Surprising to be asked to do so, given how good he’s been defensively at his natural position in the last two seasons?

“A little bit,” Galvis said. “But I think it’s good. Like I’ve said before, I just want the team to win. And I’m going to try to do my best, every single time, it doesn’t matter where they put me, I’m going to play hard and try to win that day.”

So what was up with this center field experiment anyway? Manager Pete Mackanin, who will have his hands full with extra players next month because of September call-ups and two of his outfielders returning from the disabled list, tried to explain.

“As an organization, we're at that the point where we don't have the greatest record and we're going to cover all our bases and move people around just to make sure we don't end up flat footed on some kind situation that might arise,” Mackanin said. “I'm going to put Cesar (Hernandez) at short. I wanted to see Florimon, see if he's in the picture for next year at shortstop. I'll probably play Mikey (Maikel Franco) at first base here and there. Things like that.”


We’re not entirely sure Mackanin needs to see Florimon, but the reality is it’s impossible to put Galvis, Crawford, Hernandez, Franco, Tommy Joseph, Rhys Hoskins, Odubel Herrera, Aaron Altherr, Nick Williams all on the field at the same time. So, the Phillies have to be creative, at least for September as they try to play as many players.

More permanent, final decisions will likely take place over the winter or some time in spring training, when yet another player, Scott Kingery, will also be in the mix.

The Phillies are looking at the big picture, as they should in a rebuilding year. After collecting their 83rd loss of the season on Wednesday, finishing their homestand as they started it by getting swept in a doubleheader, the final month of the season is really no different than spring training, in terms is playing as many players as you can and evaluating what they can and cannot do.

Galvis has been well aware of Crawford’s existence for a few years now and seems OK with a shortstop timeshare if that’s how it plays out next month. (It might not; Crawford has also been playing both second and third base in the last two weeks in preparation for September).

“It’s OK,” Galvis said. “I think September is a time where they see a lot of new players, a lot of young players. That was the conversation. Try to be available to do that and that’s why I’m playing center field a little bit right now. … September is coming and a lot of players have to play. It’s baseball.
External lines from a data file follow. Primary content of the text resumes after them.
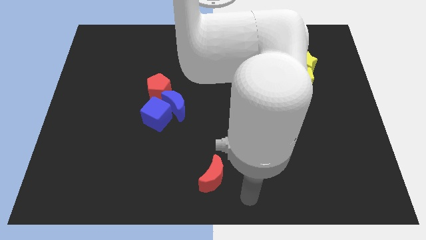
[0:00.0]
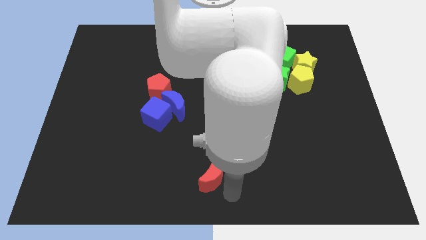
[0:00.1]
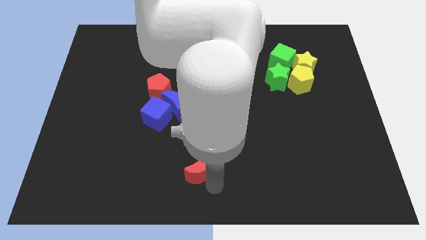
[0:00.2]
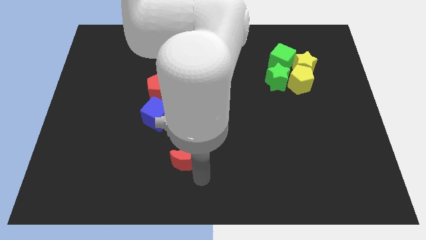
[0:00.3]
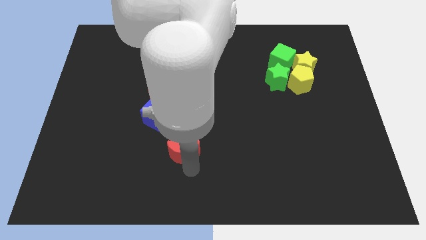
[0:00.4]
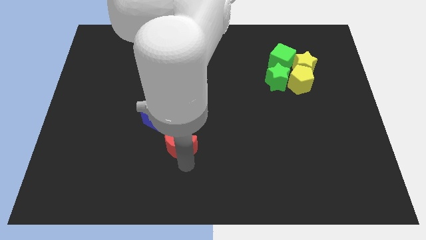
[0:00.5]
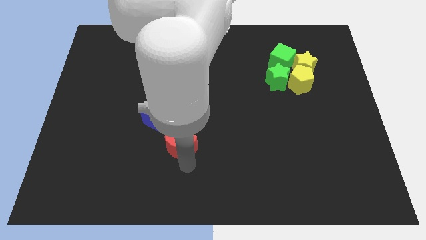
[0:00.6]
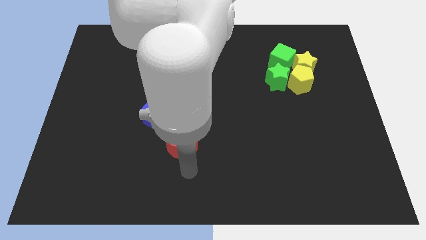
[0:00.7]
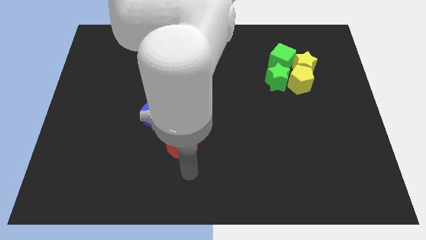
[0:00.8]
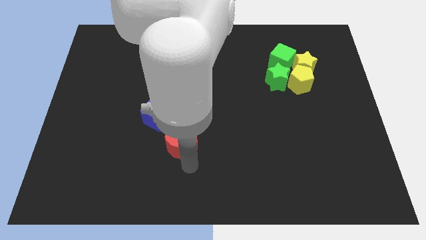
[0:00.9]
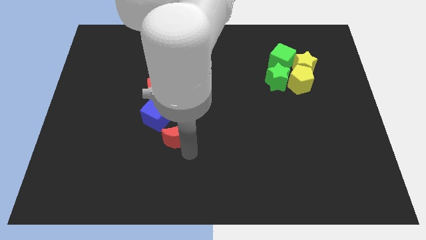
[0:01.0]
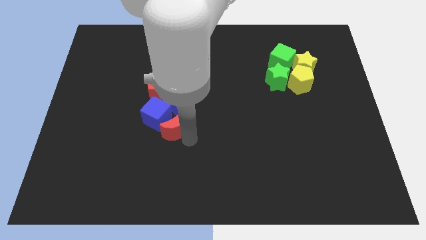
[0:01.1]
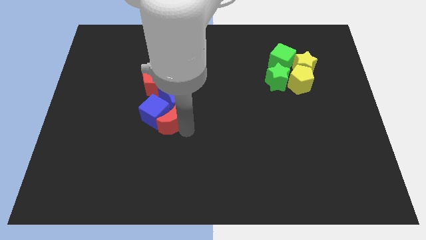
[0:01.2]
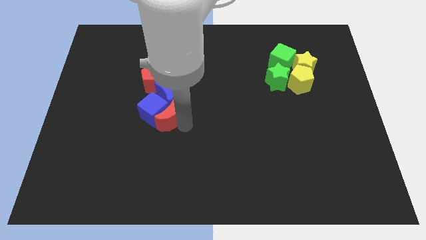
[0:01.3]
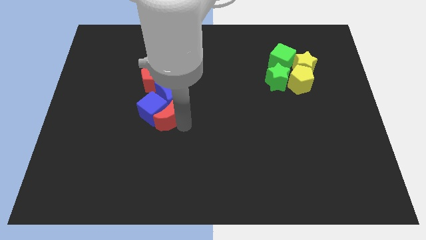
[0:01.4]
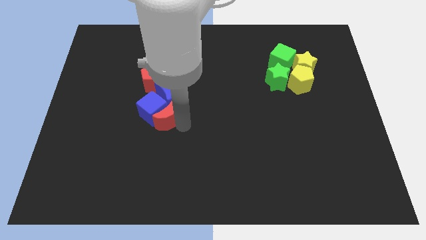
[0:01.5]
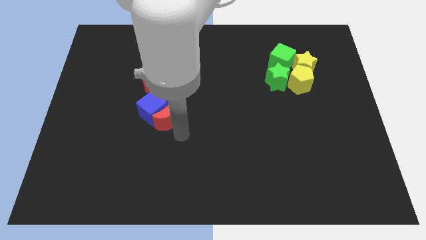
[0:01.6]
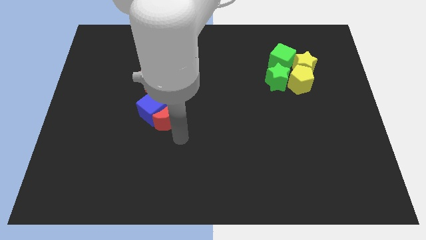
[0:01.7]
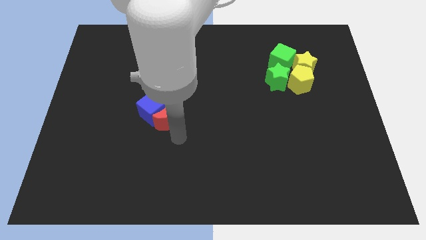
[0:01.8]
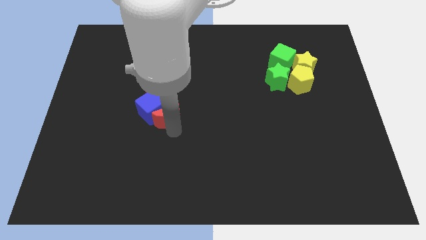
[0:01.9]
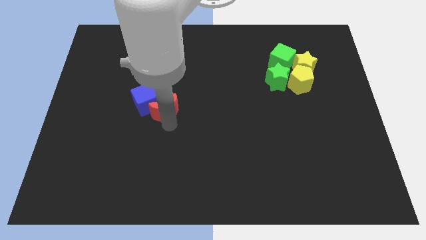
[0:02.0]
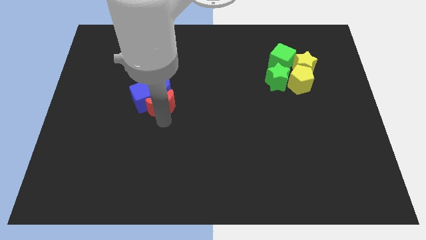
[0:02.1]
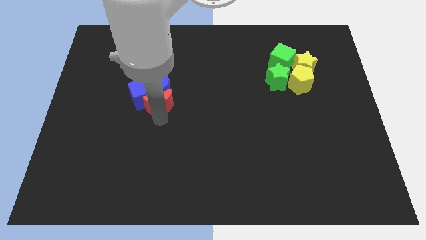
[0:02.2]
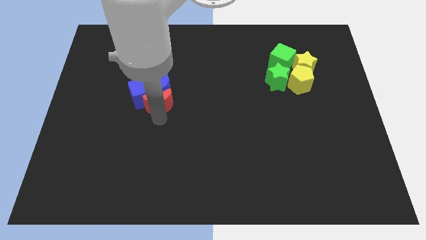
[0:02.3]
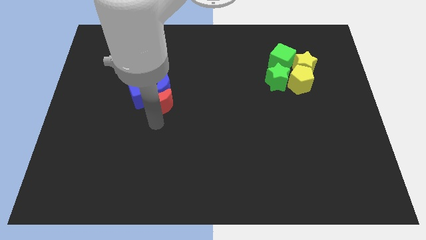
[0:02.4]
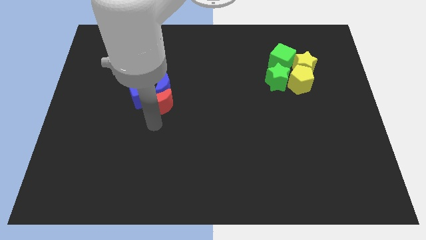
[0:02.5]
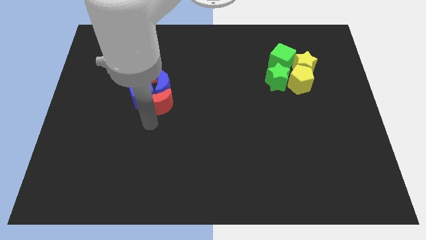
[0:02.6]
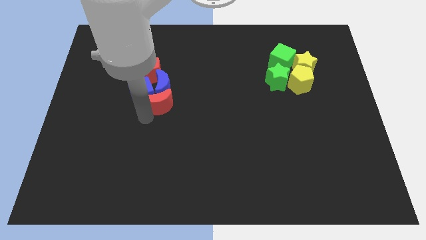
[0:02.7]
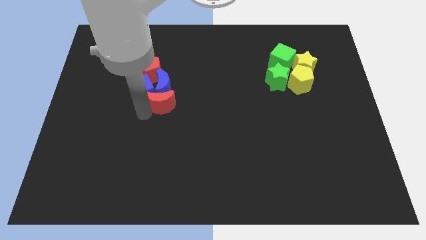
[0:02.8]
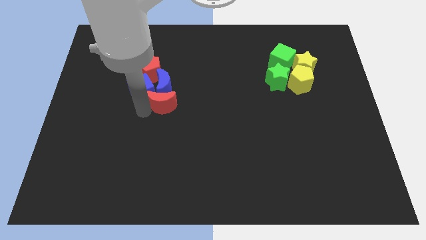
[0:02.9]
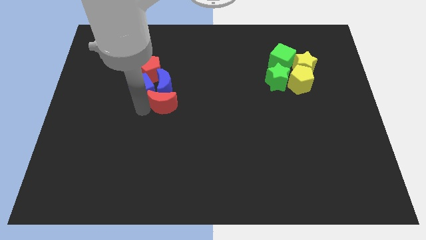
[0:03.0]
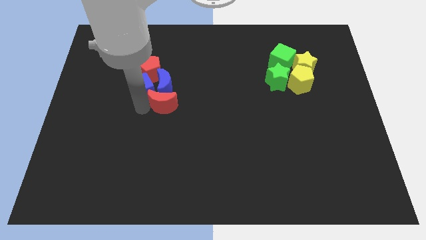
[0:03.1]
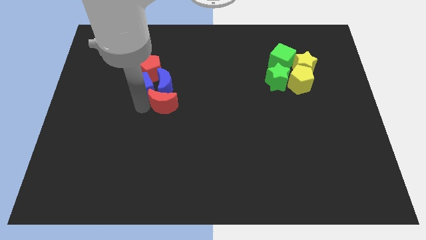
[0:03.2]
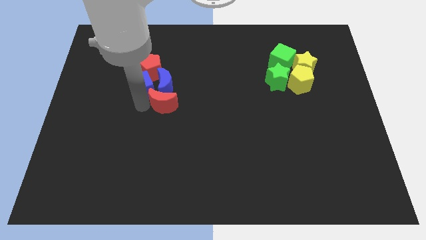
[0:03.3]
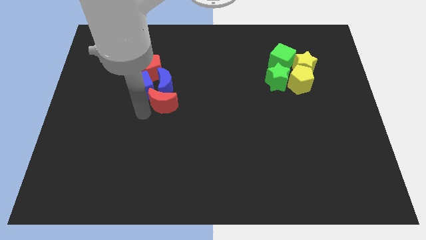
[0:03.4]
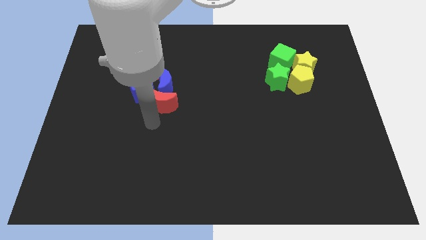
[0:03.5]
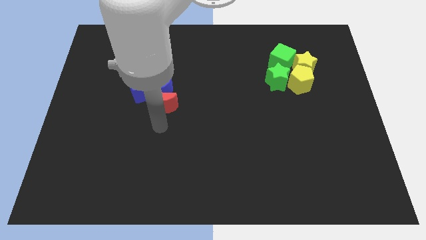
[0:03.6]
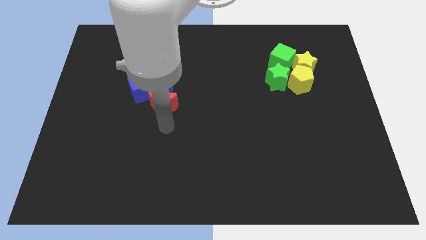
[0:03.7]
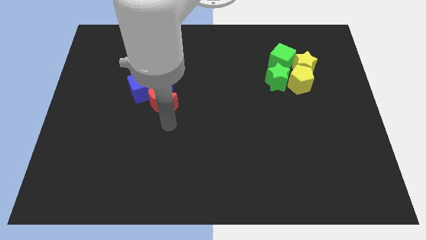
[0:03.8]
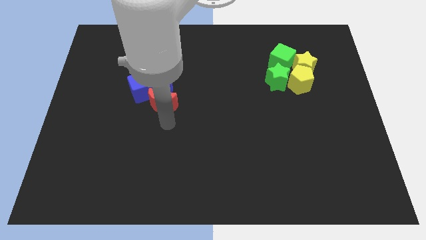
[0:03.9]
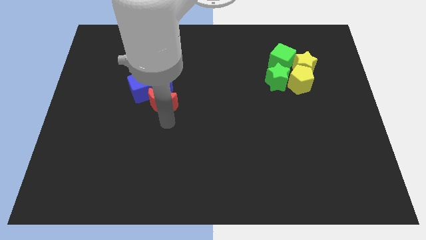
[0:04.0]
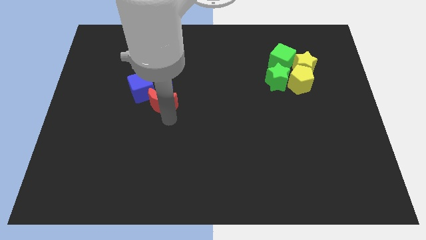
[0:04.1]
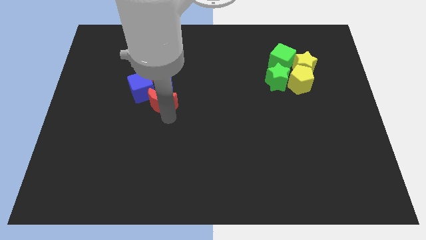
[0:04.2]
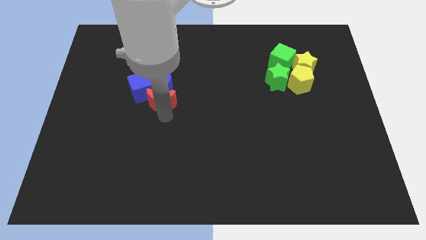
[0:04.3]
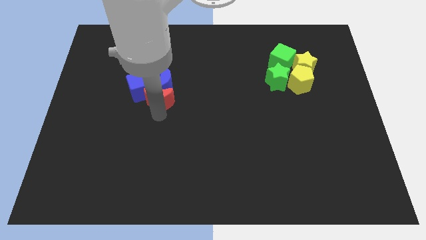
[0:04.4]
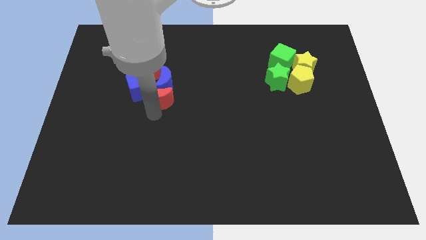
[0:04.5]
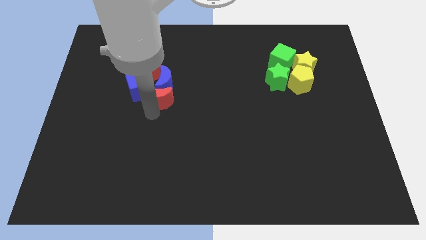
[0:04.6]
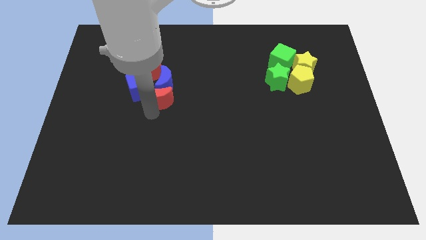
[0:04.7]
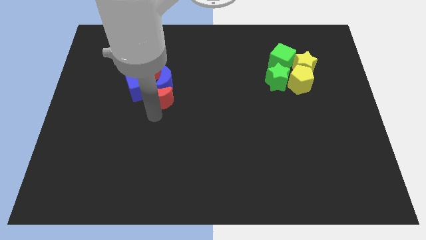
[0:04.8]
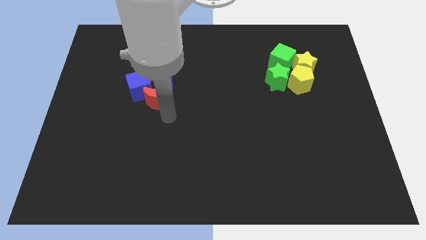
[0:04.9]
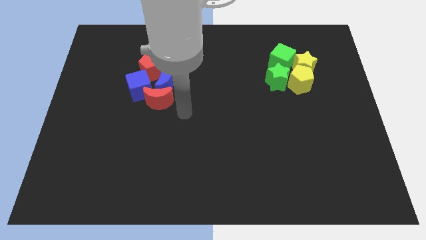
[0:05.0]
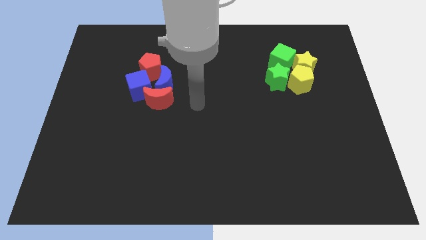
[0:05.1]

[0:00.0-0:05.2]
add the red crescent to the group of both blue blocks and red pentagon

It’s the way it is.

“In September we call up a few players. We call up a few pitchers, too. And we try to see almost everybody and try to see what they have for next year. Like I said before, I’m just going to be available to play wherever they want to put me. Like I said, I think it’s good, man. Everything is good so far.”

Galvis, 27, has been the crosshairs of a lot of criticism in the last few seasons because of his deficiencies on offense. He had a major league-low .274 OBP last season and his .285 career OBP in 612 games is underwhelming.

But he’s made strides with his bat, too, hitting 20 home runs last season. This year he’s surpassed his career high in walks and is slashing .252/.303/.394 in a team-best 132 games.

They’re not All-Star caliber offensive numbers, of course. But coupled with his elite defense, it’s a stat line that can keep him in a major league lineup (especially if it’s a stronger lineup: think Pedro Feliz on the ’08 Phillies).

“Yeah, it's hard,” Mackanin said of moving his best defensive player to a new position, even for a day. “I think he's a Gold Glove-caliber shortstop. However, we talked to Freddy about it. Freddy's on board. The first thing he said was whatever you think is best for the team we're going to do it. In order to move people around and get a look at everybody in different places ... for example down at Triple-A they played Williams, (Dylan) Cozens, (Roman) Quinn at every position in the outfield just in the event we need something or something comes up.”

Something came up Wednesday. And September could get complicated.

As for 2018 and beyond, the Phillies starting shortstop (er… starting center fielder on Wednesday) isn’t losing sleep over it.

“Not right now – I don’t know, I’m not God,” Galvis said. “So I take it day by day and see what happens.”